Tachana Dalger maakte onlangs haar debuut tijdens de Zuid-Amerikaanse spelen (ODESUR), die van 1 tot en met 15 oktober in Asunción, Paraguay zijn gehouden.
De baanwielrenster blikt met gemengde gevoelens terug, maar is wel tevreden met haar persoonlijke vooruitgang. Ze is positief ondanks de financiële ondersteuning beter kon. Dit was volgens haar niet een ideale situatie voor een topsporter, aangezien zij zich zorgeloos verder zou moeten kunnen ontwikkelen.
“Ik heb alvast weinig materiaal en moet heel vaak tools van andere wielrenners lenen om te kunnen trainen en racen. Zelf heb ik ook geen eigen fiets. De fiets die ik gebruik is van het team waar ik in Trinidad train. Ik kan niet veel doen, omdat mijn financiële ondersteuning niet goed is”, vertelt ze openhartig. Dalger schat de maandelijkse kosten voor verblijf in Trinidad op 600 Amerikaanse dollars, dit naast bijkomende kosten.
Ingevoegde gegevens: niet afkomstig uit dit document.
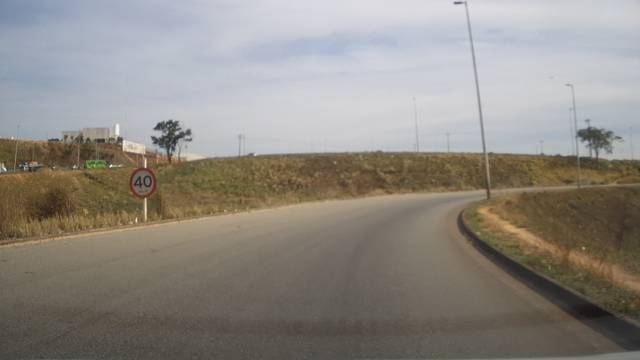
Region: Brazil
Coordinates: -19.906, -44.05
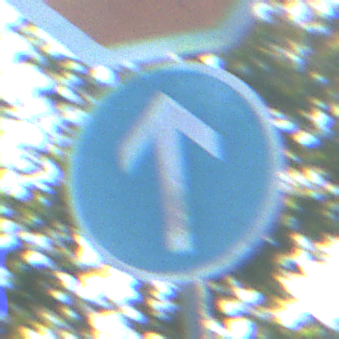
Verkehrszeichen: VorgeschriebeneFahrtrichtungGeradeaus
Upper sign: Stop
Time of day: MorningAfternoon
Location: Outdoor (Urban)
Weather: Clear
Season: NotSpecified
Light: Natural
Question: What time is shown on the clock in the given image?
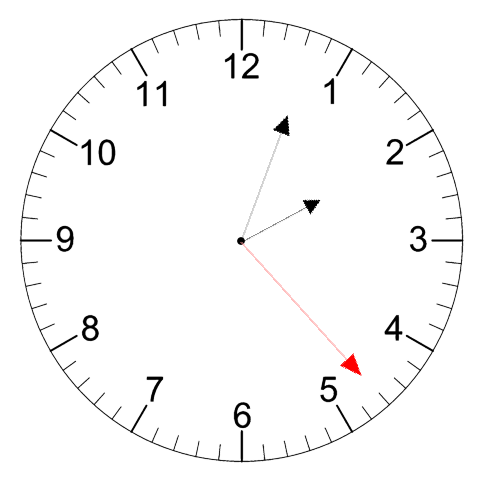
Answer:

De wielrenster haast zich door aan te geven dat zij wel een kleine ondersteuning van het Internationaal Olympisch Comité (IOC) ontvangt tot en met 2024. “Dat is een small support om te kwalificeren voor Parijs 2024, maar dat covert nog net mijn verblijf en voeding.” Het Surinaams Olympisch Comité (SOC) betaalt voor haar ticket indien zij aan een evenement moet deelnemen. “Verder is het niet wat het zou moeten zijn”, klaagt ze. Dalger geeft aan dankbaar te zijn met ondersteuning van de Surinaamse Wielren Unie (SWU). Zij helpen zaken in orde te krijgen.
Op de vraag als zij in Trinidad, waar ze woont en traint, een bijbaantje heeft zegt ze: “Neen Ik heb geen ander werk, omdat de sport mijn werk is. Ik doe momenteel fulltime wielrennen, want zo alleen kan je de top halen.” Zij probeert ondanks de gebrekkige middelen haar best te doen. Naar haar zeggen verlopen de trainingen goed. “Ik ben op de goede weg voor wat mijn performance betreft, maar nog niet waar ik moet zijn.”
Debuut
“Ik heb veel kunnen ervaren en veel gezien. Het is een leuke ervaring geweest”, zegt de meervoudige wielrenster van het jaar. Alleen een medaille ontbreekt. Dalger is namelijk bezig aan een ontwikkelingsproces op weg naar de top. “Ik loop niet achter, maar blijf er gewoon naar toe werken.” Volgens de Surinaamse heeft zij binnen vier maanden een behoorlijke vooruitgang kunnen boeken. “Mijn doel is sowieso harder door blijven gaan om de top te halen.”
Ze blikt met gemengde gevoelens terug op haar optreden tijdens de onderdelen sprint en keirin in de Velódromo del COP. “Ik ben tevreden met mijn 200m tijd, maar teleurgesteld in de kwalificatie. Jammer genoeg had ik mij op 0.005 seconden na niet kunnen kwalificeren.” Dalger reed in de kwalificatieronde voor de eerste keer in haar baanwielren loopbaan onder de twaalf seconden op zeeniveau. Zij registreerde van de zestien deelnemers de negende snelste tijd (11.91 seconden). Slechts de eerste acht renners kwalificeerden zich echter voor de kwartfinale.“Ik zal gewoon harder moeten trainen om mijn tijd steeds te verbeteren.”
Ook bij de keirin eindigde het in de kwalificatieronde. Ze finishte van de twaalf deelnemers overall als zevende. Slechts de eerste drie per groep plaatsten zich voor de finaleronde. De Surinaamse finishte in heat 2 als vierde. “Mijn positie was fout en ik heb niet correct gereageerd of mij gepositioneerd in de laatste ronde, waardoor ik als 4e over de finish kwam. Sowieso moet ik beter leren racen in een keirin dan komt alles goed.”
Na de ODESUR keerde zij weer naar Trinidad, waar zij zich verder zal voorbereiden op de Caribische kampioenschappen. Het regionaal evenement wordt midden november op het eiland gehouden. “Daarna is het off season dan ben ik meer in de gym om kracht te ontwikkelen.” Ze kan de verleiding echter niet weerstaan om rond kerst en nieuwjaar richting switi Sranan af te reizen. “Dan ben ik een beetje thuis.”